Harnessing analytical technology
With rare diseases and oncology set to benefit greatly from genomics, the role of technology cannot be underestimated, with vast and increasing volumes of genomic data involved in clinical trials, decision support during treatment, and payments. R&D is likely to require fast, powerful and incisive algorithmic capabilities involving specialised tools.
For example, deep learning algorithms have already demonstrated revolutionary achievements in the field of AI (e.g. image recognition, object detection, audio recognition and natural language processing). The intersection of deep learning and genomic research offers huge promise in understanding human disease, particularly with the introduction of high-throughput sequencing. Life Sciences companies need to acquire and/or gain access to such skills — as well as huge computing power — which is arguably only realistically available via the cloud.
A second example includes Microsoft’s Project InnerEye, a research project that uses machine learning technology to analyse 3D radiological images, including those containing cancerous tumours. The process is designed to help radiologists save time and cost. In a further example of AI, SOPHiA GENETICS has developed a universal technology for genomic data analysis. Its aim is to share knowledge and enable genomic testing worldwide through its software-as-a-service platform, enabling processing and analysing of raw genomic data to help diagnoses in oncology, metabolism, pediatrics, cardiology and hereditary cancer. This so-called “democratisation of data” encourages collaboration from clinicians to improve diagnosis and treatment.

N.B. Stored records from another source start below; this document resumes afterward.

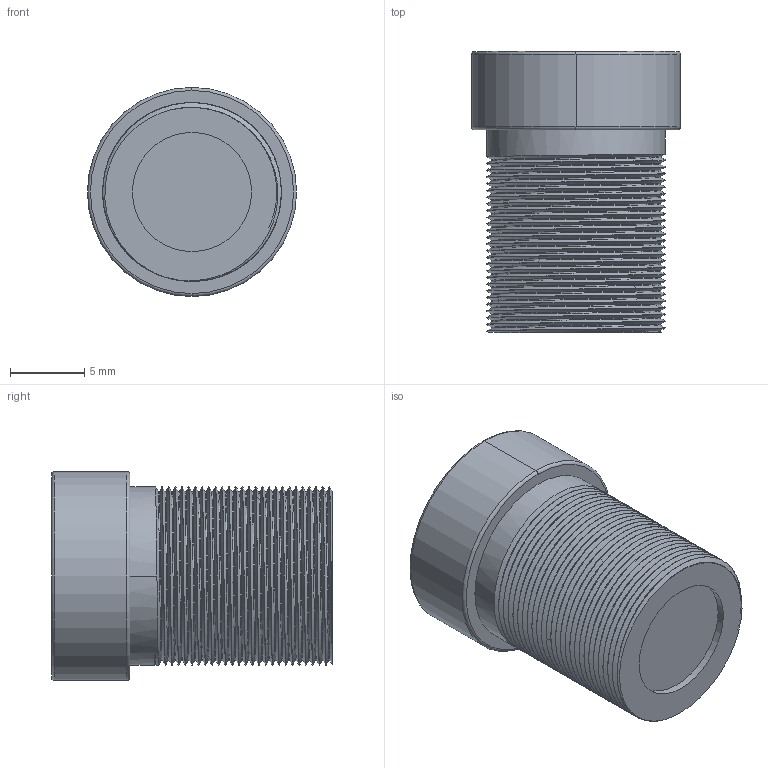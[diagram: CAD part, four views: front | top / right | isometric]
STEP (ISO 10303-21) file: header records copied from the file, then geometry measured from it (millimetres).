
FILE_DESCRIPTION((''),'2;1');
FILE_NAME('LK011','2021-04-23T14:07:15',('Arducam'),(''),'CREO PARAMETRIC BY PTC INC, 2019080','CREO PARAMETRIC BY PTC INC, 2019080','');
FILE_SCHEMA(('AUTOMOTIVE_DESIGN { 1 0 10303 214 1 1 1 1 }'));
Length unit declared in the file: millimetre
Products named in the file (1): LK011
Bounding box: 14.04 x 18.86 x 14.04 mm (x, y, z)
Volume: 1494.7 mm3; surface area: 1884.6 mm2
Topology: 1 solids, 2 shells, 97 faces, 253 edges, 161 vertices
Faces by surface type: cylinder 59, bspline 23, plane 6, torus 4, cone 3, sphere 2
Entity records: 14132 total; most frequent: CARTESIAN_POINT 11363, ORIENTED_EDGE 502, DIRECTION 285, EDGE_CURVE 251, VERTEX_POINT 161, B_SPLINE_CURVE_WITH_KNOTS 145, AXIS2_PLACEMENT_3D 105, EDGE_LOOP 100
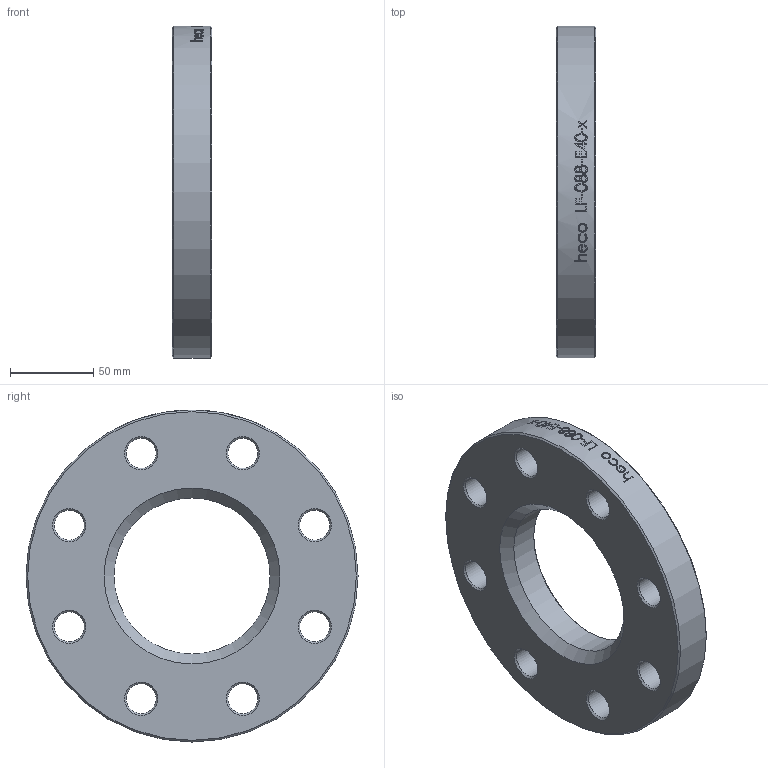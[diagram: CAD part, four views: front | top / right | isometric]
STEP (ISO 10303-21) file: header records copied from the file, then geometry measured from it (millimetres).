
FILE_DESCRIPTION (( 'STEP AP214' ), '1' );
FILE_NAME ('LF-088-E40-x Loser Flansch PN40 2101.STEP', '2021-01-27T09:55:44', ( '' ), ( '' ), 'SwSTEP 2.0', 'SolidWorks 2019', '' );
FILE_SCHEMA (( 'AUTOMOTIVE_DESIGN' ));
Length unit declared in the file: millimetre
Products named in the file (1): LF-088-E40-x Loser Flansch PN40 2101
Bounding box: 24 x 200 x 200 mm (x, y, z)
Volume: 531681.6 mm3; surface area: 75491.3 mm2
Topology: 1 solids, 1 shells, 57 faces, 248 edges, 217 vertices
Faces by surface type: cylinder 35, cone 20, plane 2
Full cylindrical faces by diameter (mm): 18 x8, 94 x1, 200 x1
Entity records: 6203 total; most frequent: CARTESIAN_POINT 4131, ORIENTED_EDGE 410, DIRECTION 296, VERTEX_POINT 205, EDGE_CURVE 205, AXIS2_PLACEMENT_3D 133, EDGE_LOOP 130, B_SPLINE_CURVE_WITH_KNOTS 100

Finally, we have the emerging ‘digital twin’ technology, which attempts to simulate a whole human through genomics, physiology, lifestyle and environment, using genetic information overlaid with other data from IoT. Potentially, we can then simulate and predict healthcare outcomes and evaluate which drugs may be most appropriate for particular conditions. Not surprisingly, this is highly complex and currently very expensive.
Key steps for life sciences companies
This is a very exciting time for R&D in life sciences. Genomic data can take the sector into an era of highly personalised medicine, where patients get treatment tailored to their genetic make-up, with a greater chance of success, delivering value to the healthcare system. While R&D heads ponder how to make the most of genomic data while remaining compliant, they could also enter into an open dialogue with patients on how genomic data is used, and the extent to which patients want their genomic and medical data to remain private.
One challenge the industry needs to resolve is patient numbers for trials. As genomic targeting gets more precise, the volume of potential trial participants continues to fall, to the point where it can be very difficult to reach a significant sample size. More innovative trial design and ways of comparing groups of patients are required. Data sharing between companies that are traditionally competitors may be a step change in mindset, but could open the door to faster trials and subsequent product approval. And, as we have mentioned, genomics is a great step forward, but should be supplemented by wider clinical and lifestyle data, supported by data analytics to achieve pattern recognition, as well as diagnostic technologies like radiology.